Researchers at Hiroshima University in Japan have created a type of solar cell that improves power efficiency and electricity generation by mixing various polymers and molecular semiconductors as light-absorbing materials. These types of solar cells, known as organic photovoltaics (OPVs), are devices that generate electricity when light strikes their light absorbers. The efficiency of a solar cell is determined by comparing the amount of electricity generated to the amount of light incident on the cell. This is called "photon harvesting," which measures how many light particles are converted into electric current. The higher the efficiency of a solar cell, the more economical and practical its commercial applications become.
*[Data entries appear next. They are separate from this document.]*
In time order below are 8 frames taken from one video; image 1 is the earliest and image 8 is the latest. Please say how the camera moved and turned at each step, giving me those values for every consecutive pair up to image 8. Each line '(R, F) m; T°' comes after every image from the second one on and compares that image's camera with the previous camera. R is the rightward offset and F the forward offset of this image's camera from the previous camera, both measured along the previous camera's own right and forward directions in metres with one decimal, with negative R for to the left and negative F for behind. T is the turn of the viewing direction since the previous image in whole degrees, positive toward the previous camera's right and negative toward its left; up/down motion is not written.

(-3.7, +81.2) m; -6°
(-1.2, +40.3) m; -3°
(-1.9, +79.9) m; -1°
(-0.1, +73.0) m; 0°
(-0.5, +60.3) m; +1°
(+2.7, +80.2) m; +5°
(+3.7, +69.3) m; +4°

A research team at the Graduate School of Advanced Science and Engineering added only a small amount of a compound that absorbs long-wavelength light, producing an OPV that is 1.5 times more efficient than the version without the compound. This compound enhances absorption intensity due to optical interference effects within the device. The team further points out that how these fuels are distributed is key to further improving power generation efficiency.
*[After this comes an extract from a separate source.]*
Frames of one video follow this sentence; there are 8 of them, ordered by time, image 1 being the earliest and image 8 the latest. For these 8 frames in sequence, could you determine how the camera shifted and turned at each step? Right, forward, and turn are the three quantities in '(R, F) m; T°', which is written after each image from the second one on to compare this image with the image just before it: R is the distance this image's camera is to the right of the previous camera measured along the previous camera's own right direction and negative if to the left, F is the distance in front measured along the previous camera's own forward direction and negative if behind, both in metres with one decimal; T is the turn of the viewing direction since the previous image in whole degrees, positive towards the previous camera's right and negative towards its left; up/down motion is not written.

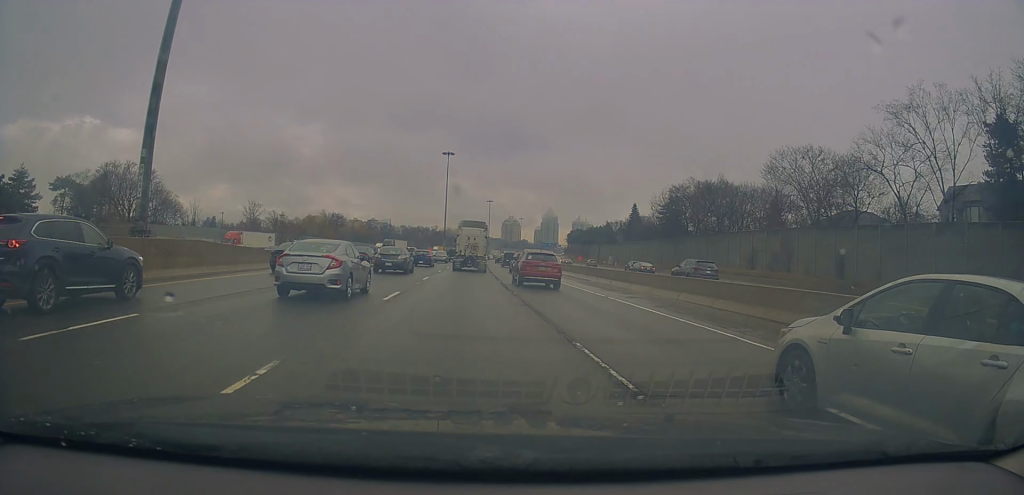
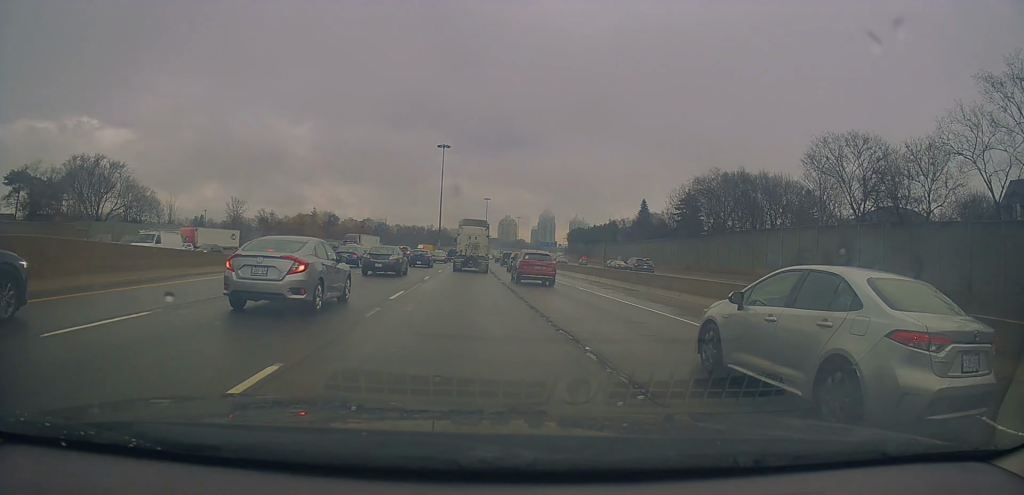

The paper's corresponding author, Itaru Osaka, published in the journal Macromolecules in November 2020, said, "We added a very small amount of sensitizing material to the OPV battery, which consists of semiconductor polymers and other materials that we had previously developed."
"This leads to a significant increase in photocurrent, which in turn improves power conversion efficiency due to amplified photon absorption caused by the light interference effect. The key is to use a very special polymer that allows us to provide a very thick semiconductor layer for OPV cells, which significantly enhances the light interference effect compared to a thin layer."
As for future work, Osaka is focusing on promoting the development of the most advanced solar cells.
"Our next step is to develop better semiconductor polymers as the host material for this type of OPV, as well as better sensitizing materials that can absorb more photons in the longer wavelength region. This will enable OPV cells to achieve the highest efficiency in the world."
Adding organic pigments to perovskites can improve battery stability and efficiency.
A research team in Florida is studying solar cells that combine new and old materials.
Chemistry professor Biwu Ma and his team have published a new study showing that adding a small amount of existing organic pigments to perovskite solar cells can improve the cell's stability and efficiency.
This study was published in the journal Angewandte Chemie.
“The pigments are abundant, inexpensive, and robust,” Ma said. “When we combine them with perovskite, we can create new, high-performance hybrid systems. It combines the old with the new, and together they create something exciting.”
Ma's research on next-generation solar cell technology has focused on solving the stability problems and challenges of perovskite solar cells. Perovskite solar cells are a type of photovoltaic cell that contains perovskite-structured compounds, most commonly organic-inorganic lead or tin halide-based hybrid materials, as the light-collecting layer.
Research on perovskite solar cells has progressed rapidly over the past decade. When first reported in 2009, the power conversion efficiency was about 4%, now it is as high as 25%. However, commercial viability also has drawbacks, such as the material's tendency to degrade rapidly.
Researchers around the world have been searching for the perfect formula that makes them both stable and effective.
Ma's research team conducted experiments using methylammonium lead iodide. Without the pigment layer, the efficiency of the solar cells was 18.9%. With it, this figure rose to 21.1%. The research team also found that, under ambient conditions, the unencapsulated cells could retain 90% of their initial efficiency after the addition of the pigment layer.
Adding a layer of insoluble pigment through simple solution treatment and heat annealing also makes the cells hydrophobic, meaning that water cannot remain on the surface.
“We believe that using low-cost pigments to passivate the surface of these batteries is a very promising approach to improving battery stability and efficiency,” Ma said.